Ritornando verso piazzetta Olivella, decido per una deviazione, sulla destra c’è Via Tarsia, sede del “Teatro Bracco”, già “Tarsia” che, inaugurato nel 1962, dette inizio ad una splendida stagione di prosa napoletana. Roberto Bracco, cui è intestato il teatro sorto sui resti del corpo di Palazzo Tarsia, nacque a Napoli il 10 novembre 1861.

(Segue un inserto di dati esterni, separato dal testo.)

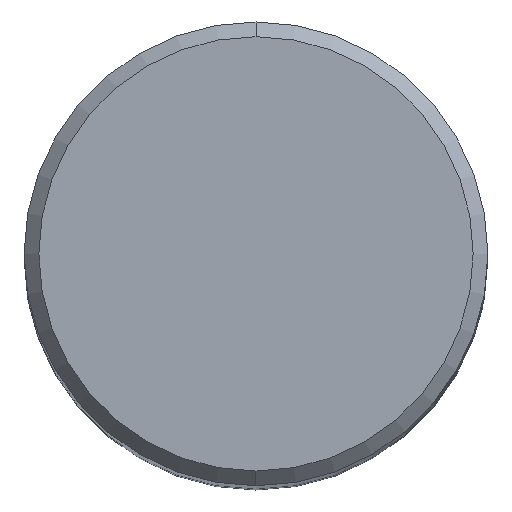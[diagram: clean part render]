
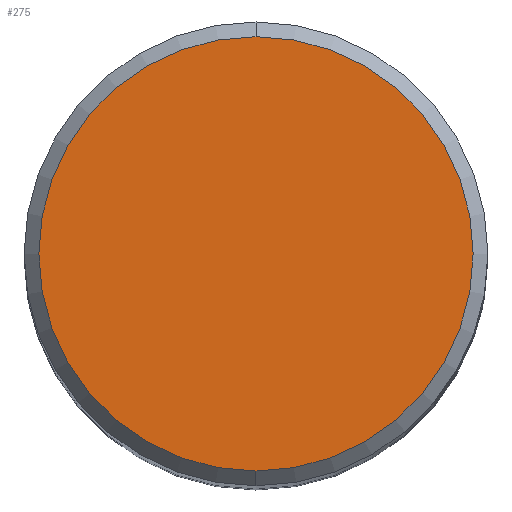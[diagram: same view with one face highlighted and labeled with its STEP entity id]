
A CAD part, top view. The second image highlights one B-rep face of the part: STEP entity #275.
In plain terms, the highlighted planar face has unit normal (0, 0, 1).
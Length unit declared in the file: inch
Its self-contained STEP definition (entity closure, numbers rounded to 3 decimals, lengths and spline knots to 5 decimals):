
#39 = CIRCLE ( 'NONE', #133, 0.29495 ) ;
#40 = CARTESIAN_POINT ( 'NONE',  ( 0., 0.29495, 0. ) ) ;
#48 = CARTESIAN_POINT ( 'NONE',  ( 0., 0.29495, 0. ) ) ;
#77 = FACE_OUTER_BOUND ( 'NONE', #230, .T. ) ;
#81 = DIRECTION ( 'NONE',  ( 0., 0., -1. ) ) ;
#84 = DIRECTION ( 'NONE',  ( 0., 0., 1. ) ) ;
#114 = PLANE ( 'NONE',  #237 ) ;
#133 = AXIS2_PLACEMENT_3D ( 'NONE', #145, #84, #153 ) ;
#145 = CARTESIAN_POINT ( 'NONE',  ( 0., 0., 0. ) ) ;
#153 = DIRECTION ( 'NONE',  ( 0., -1., 0. ) ) ;
#178 = CIRCLE ( 'NONE', #410, 0.29495 ) ;
#181 = EDGE_CURVE ( 'NONE', #308, #324, #39, .T. ) ;
#205 = ORIENTED_EDGE ( 'NONE', *, *, #181, .T. ) ;
#207 = CARTESIAN_POINT ( 'NONE',  ( 0., 0., 0. ) ) ;
#230 = EDGE_LOOP ( 'NONE', ( #205, #244 ) ) ;
#237 = AXIS2_PLACEMENT_3D ( 'NONE', #40, #81, #333 ) ;
#244 = ORIENTED_EDGE ( 'NONE', *, *, #258, .T. ) ;
#258 = EDGE_CURVE ( 'NONE', #324, #308, #178, .T. ) ;
#275 = ADVANCED_FACE ( 'NONE', ( #77 ), #114, .F. ) ;
#308 = VERTEX_POINT ( 'NONE', #48 ) ;
#324 = VERTEX_POINT ( 'NONE', #388 ) ;
#333 = DIRECTION ( 'NONE',  ( 0., 1., 0. ) ) ;
#362 = DIRECTION ( 'NONE',  ( 0., -1., 0. ) ) ;
#365 = DIRECTION ( 'NONE',  ( 0., 0., 1. ) ) ;
#388 = CARTESIAN_POINT ( 'NONE',  ( 0., -0.29495, 0. ) ) ;
#410 = AXIS2_PLACEMENT_3D ( 'NONE', #207, #365, #362 ) ;

Amico di Sarah Bernhardt fu secondo in fortuna solo a Luigi Pirandello. Elegantissimo, famose le sue cravatte, e rabbioso, fu coinvolto in due famose cause, una delle quali contro Francesco Saverio Nitti cui aveva addentato la testa, perché aveva osato criticargli un lavoro: “Vuje site ‘nu fetente!” pare gli urlasse dopo un’inutile riappacificazione. Salita Tarsia molti l’hanno vista, nel celebre “L’Oro di Napoli” di Vittorio De Sica: Totò scendeva da quella strada vestito da pazzariello per l’inaugurazione di un negozio di alimentari. A casa lo aspettava un camorrista che aveva preso Totò e la sua famiglia per albergo, facendo il bello e il cattivo tempo. Tuttavia, nessuno più ricorda che salita Tarsia, come via Tarsia e i vicoli vicini, sono parte del più bello, più grande e sfarzoso palazzo che Napoli abbia mai avuto, Palazzo Spinelli di Tarsia. Di questo palazzo oggi bisogna più immaginare che vedere, poiché una facciata interna e un corpo di fabbrica non piccolo, ancora esistono, con tanto di stemma nobiliare e di ridipintura fresca, ma l’insieme, per chi non abbia mai visto il disegno di Domenico Antonio Vaccaro, non è nemmeno sospettabile.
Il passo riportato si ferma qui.